The Jewish Story of Venice, Italy
It’s a scene most of us picture when we think of Venice: rows of shiny black gondolas, gently bobbing on the water. Gondoliers in striped jerseys loll against weathered dock posts, drawing lazily on cigarettes as they wait for their next fare. Behind them, across the busy waterway, rises the unmistakable dome of Basilica di Santa Maria della Salute. Turn around and you’ll be facing the magnificent Doge’s Palace on the fringes of iconic St Mark’s Square. There are few places as beautiful in all of Italy.
Stroll a while, ducking down narrow alleyways and crossing tiny bridges, loosely following the sweeping curves of the Grand Canal. Before long you will reach the northernmost of the six historic sestieri of Venice. This is Cannaregio, the focal point of the city’s Jewish community. Packed full of historic landmarks yet off the beaten track, it’s one of the most rewarding parts of the city to explore.
Jewish life in Venice: turbulent beginnings
Blessed with such a distinctive culture, it feels like Italy has been around forever. But in fact, it didn’t exist as a nation before 1871. Instead, the country as we know it was a collection of city states and independent republics. One of the most influential was Venice, “La Serenissima”. A maritime republic that had earned a substantial fortune through trade, it thrived for over 1100 years.
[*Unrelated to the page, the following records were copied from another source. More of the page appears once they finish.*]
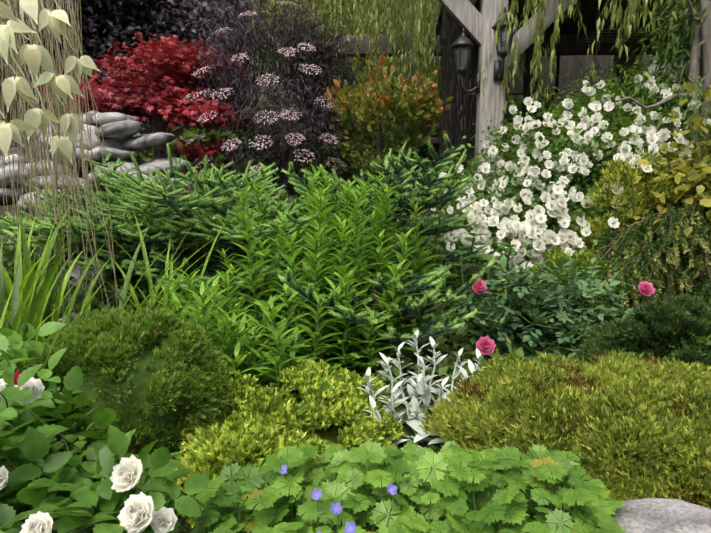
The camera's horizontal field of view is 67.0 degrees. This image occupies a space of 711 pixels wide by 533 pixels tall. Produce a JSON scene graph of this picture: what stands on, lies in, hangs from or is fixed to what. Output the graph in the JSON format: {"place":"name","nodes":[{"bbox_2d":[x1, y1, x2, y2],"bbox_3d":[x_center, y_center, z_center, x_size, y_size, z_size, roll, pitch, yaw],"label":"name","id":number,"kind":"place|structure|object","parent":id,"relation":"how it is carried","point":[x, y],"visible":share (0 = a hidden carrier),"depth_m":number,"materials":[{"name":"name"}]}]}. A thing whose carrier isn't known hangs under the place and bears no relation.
{"place":"outdoors","nodes":[
{"label":"outdoors","id":0,"kind":"place"},
{"bbox_2d":[0,171,709,532],"bbox_3d":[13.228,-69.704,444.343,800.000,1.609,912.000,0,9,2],"label":"ground","id":1,"kind":"structure","parent":0,"point":[10,209],"depth_m":2.65,"materials":[{"name":"soil"}]},
{"bbox_2d":[0,0,119,331],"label":"dry hanging twigs","id":2,"kind":"object","parent":1,"relation":"on","point":[73,108],"visible":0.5,"depth_m":2.41,"materials":[{"name":"beige plant"}]},
{"bbox_2d":[0,0,98,164],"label":"hanging leaves","id":3,"kind":"object","parent":2,"relation":"attached to","point":[33,57],"visible":1,"depth_m":1.72,"materials":[{"name":"beige plant"}]},
{"bbox_2d":[0,392,125,532],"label":"rose stems","id":4,"kind":"object","parent":1,"relation":"on","point":[66,445],"visible":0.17,"depth_m":0.93,"materials":[{"name":"green plant"}]},
{"bbox_2d":[0,110,192,329],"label":"rockery stones","id":5,"kind":"object","parent":1,"relation":"on","point":[120,130],"visible":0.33,"depth_m":4.16,"materials":[{"name":"grey stone"}]},
{"bbox_2d":[0,321,208,532],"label":"rose","id":6,"kind":"object","parent":1,"relation":"on","point":[28,439],"depth_m":0.85,"materials":[{"name":"green plant"}]},
{"bbox_2d":[0,201,224,387],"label":"grass blades","id":7,"kind":"object","parent":1,"relation":"on","point":[22,301],"visible":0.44,"depth_m":2.09,"materials":[{"name":"green plant"}]},
{"bbox_2d":[21,304,235,491],"bbox_3d":[-0.616,0.370,1.490,0.588,0.530,0.563,0,9,2],"label":"shrub","id":8,"kind":"object","parent":1,"relation":"on","point":[145,378],"visible":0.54,"depth_m":1.35,"materials":[{"name":"green plant"}]},
{"bbox_2d":[31,31,269,178],"bbox_3d":[-2.051,-1.515,5.287,2.465,1.615,1.937,0,9,2],"label":"red maple","id":9,"kind":"object","parent":1,"relation":"on","point":[127,97],"depth_m":4.91,"materials":[{"name":"red plant"}]},
{"bbox_2d":[0,0,302,156],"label":"copper beech","id":10,"kind":"object","parent":1,"relation":"on","point":[173,17],"depth_m":7.94,"materials":[{"name":"plant"}]},
{"bbox_2d":[142,0,394,198],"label":"black elder shrub","id":11,"kind":"object","parent":1,"relation":"on","point":[318,81],"depth_m":4.85,"materials":[{"name":"plant"}]},
{"bbox_2d":[0,0,551,193],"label":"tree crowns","id":12,"kind":"object","parent":1,"relation":"on","point":[186,135],"visible":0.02,"depth_m":7.78,"materials":[{"name":"green plant"}]},
{"bbox_2d":[0,133,551,353],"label":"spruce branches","id":13,"kind":"object","parent":1,"relation":"on","point":[304,290],"depth_m":2.54,"materials":[{"name":"green plant"}]},
{"bbox_2d":[162,355,404,528],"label":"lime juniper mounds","id":14,"kind":"object","parent":1,"relation":"on","point":[260,424],"visible":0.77,"depth_m":1.37,"materials":[{"name":"green plant"}]},
{"bbox_2d":[151,163,446,393],"bbox_3d":[-0.216,0.028,2.094,1.280,0.887,1.503,0,9,2],"label":"lily","id":15,"kind":"object","parent":1,"relation":"on","point":[242,327],"depth_m":1.93,"materials":[{"name":"green plant"}]},
{"bbox_2d":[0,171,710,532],"bbox_3d":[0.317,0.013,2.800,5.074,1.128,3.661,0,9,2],"label":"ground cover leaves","id":16,"kind":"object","parent":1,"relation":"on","point":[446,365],"visible":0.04,"depth_m":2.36,"materials":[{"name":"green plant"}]},
{"bbox_2d":[317,330,484,454],"bbox_3d":[0.276,0.408,1.469,0.944,0.385,0.723,4,10,26],"label":"lambs ear","id":17,"kind":"object","parent":16,"relation":"on","point":[411,421],"depth_m":1.55},
{"bbox_2d":[597,498,710,532],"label":"granite boulder","id":18,"kind":"object","parent":16,"relation":"on","point":[653,515],"visible":0.69,"depth_m":0.89,"materials":[{"name":"grey stone"}]},
{"bbox_2d":[325,52,452,231],"bbox_3d":[0.271,-1.006,4.449,1.018,1.476,0.994,0,9,2],"label":"photinia","id":19,"kind":"object","parent":1,"relation":"on","point":[415,106],"depth_m":4.30,"materials":[{"name":"green plant"}]},
{"bbox_2d":[205,453,584,532],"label":"plant stems","id":20,"kind":"object","parent":1,"relation":"on","point":[294,509],"visible":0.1,"depth_m":0.93,"materials":[{"name":"green plant"}]},
{"bbox_2d":[190,440,625,532],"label":"cranesbill","id":21,"kind":"object","parent":1,"relation":"on","point":[514,504],"depth_m":0.92,"materials":[{"name":"green plant"}]},
{"bbox_2d":[250,0,685,131],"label":"willow strand twigs","id":22,"kind":"object","parent":1,"relation":"on","point":[427,29],"visible":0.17,"depth_m":5.41,"materials":[{"name":"green plant"}]},
{"bbox_2d":[243,0,699,210],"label":"wooden pergola","id":23,"kind":"object","parent":1,"relation":"on","point":[426,23],"depth_m":5.56,"materials":[{"name":"brown wood"}]},
{"bbox_2d":[438,0,574,230],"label":"pergola frame","id":24,"kind":"object","parent":1,"relation":"on","point":[473,21],"visible":0.4,"depth_m":4.24,"materials":[{"name":"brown wood"}]},
{"bbox_2d":[451,26,480,94],"bbox_3d":[0.880,-1.645,4.303,0.236,0.529,0.166,0,9,2],"label":"wall lantern","id":25,"kind":"object","parent":24,"relation":"attached to","point":[462,45],"visible":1,"depth_m":4.27,"materials":[{"name":"black metal"}]},
{"bbox_2d":[492,6,513,81],"bbox_3d":[1.133,-1.693,4.091,0.177,0.528,0.239,4,10,24],"label":"lantern","id":26,"kind":"object","parent":24,"relation":"attached to","point":[501,50],"visible":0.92,"depth_m":4.04,"materials":[{"name":"black metal"}]},
{"bbox_2d":[331,0,708,196],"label":"building","id":27,"kind":"structure","parent":1,"relation":"on","point":[571,54],"depth_m":6.18,"materials":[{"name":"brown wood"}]},
{"bbox_2d":[575,9,615,92],"bbox_3d":[2.447,-2.180,5.451,0.400,0.810,0.407,0,9,2],"label":"chandelier","id":28,"kind":"object","parent":27,"relation":"hanging from","point":[596,67],"visible":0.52,"depth_m":5.46,"materials":[{"name":"black metal"}]},
{"bbox_2d":[577,0,669,41],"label":"hanging wire rack","id":29,"kind":"object","parent":27,"relation":"attached to","point":[616,34],"visible":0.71,"depth_m":4.91,"materials":[{"name":"grey metal"}]},
{"bbox_2d":[611,55,640,93],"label":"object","id":30,"kind":"structure","parent":27,"relation":"attached to","point":[622,60],"depth_m":6.84,"materials":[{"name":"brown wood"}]},
{"bbox_2d":[463,272,628,372],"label":"rose stems","id":31,"kind":"object","parent":1,"relation":"on","point":[567,347],"visible":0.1,"depth_m":2.08,"materials":[{"name":"green plant"}]},
{"bbox_2d":[450,255,654,366],"bbox_3d":[0.833,0.291,2.205,0.942,0.709,0.614,0,9,2],"label":"pink rose","id":32,"kind":"object","parent":1,"relation":"on","point":[574,321],"depth_m":2.08,"materials":[{"name":"plant"}]},
{"bbox_2d":[409,33,710,296],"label":"white rose shrub","id":33,"kind":"object","parent":1,"relation":"on","point":[536,219],"depth_m":3.23,"materials":[{"name":"white plant"}]},
{"bbox_2d":[418,348,710,515],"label":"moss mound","id":34,"kind":"object","parent":1,"relation":"on","point":[624,429],"visible":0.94,"depth_m":1.25,"materials":[{"name":"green plant"}]},
{"bbox_2d":[481,96,656,238],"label":"rose stems","id":35,"kind":"object","parent":1,"relation":"on","point":[574,185],"visible":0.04,"depth_m":3.55,"materials":[{"name":"green plant"}]},
{"bbox_2d":[510,246,655,314],"bbox_3d":[1.186,0.096,2.836,0.708,0.364,0.642,0,9,2],"label":"green shrub","id":36,"kind":"object","parent":1,"relation":"on","point":[576,256],"visible":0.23,"depth_m":2.68,"materials":[{"name":"green plant"}]},
{"bbox_2d":[569,148,710,331],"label":"golden conifer sprays","id":37,"kind":"object","parent":1,"relation":"on","point":[621,171],"visible":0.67,"depth_m":2.75,"materials":[{"name":"green plant"}]},
{"bbox_2d":[571,292,710,371],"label":"juniper shrub","id":38,"kind":"object","parent":1,"relation":"on","point":[645,321],"visible":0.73,"depth_m":1.82,"materials":[{"name":"green plant"}]},
{"bbox_2d":[579,201,710,303],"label":"shrub branches","id":39,"kind":"object","parent":1,"relation":"on","point":[650,252],"visible":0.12,"depth_m":2.67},
{"bbox_2d":[596,0,710,277],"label":"tree","id":40,"kind":"object","parent":1,"relation":"on","point":[692,187],"depth_m":3.06,"materials":[{"name":"green plant"}]},
{"bbox_2d":[278,0,439,83],"label":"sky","id":41,"kind":"structure","parent":0,"point":[385,0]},
{"bbox_2d":[429,232,515,307],"bbox_3d":[0.500,0.054,2.519,0.251,0.405,0.906,7,12,38],"label":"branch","id":42,"kind":"object","parent":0,"point":[485,257],"depth_m":2.59,"materials":[{"name":"green plant"}]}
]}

Business needs funds and in Venice, Jews were welcomed as money lenders. However, anyone looking for permanent resident status in those early years could forget it. In 1385, though, all that changed. Conflict between the Venetians and their neighbors in Chioggia brought about a need for even more money. It forced a change in Venetian policy. Nevertheless, although Jews could now settle in the city, the largely Christian population neither trusted nor assimilated them. For more than a century, things jogged along, but it was an uneasy relationship.
The birth of the ghetto
Things came to a head in 1516, when a decree from Doge Leonardo Loredan established the Venice ghetto in Cannaregio. The name was no accident. The authorities cleared metal workshops to make way for housing; in Venetian dialect geto means foundry. Over time, geto became ghetto and now indicates a place where a minority group settles.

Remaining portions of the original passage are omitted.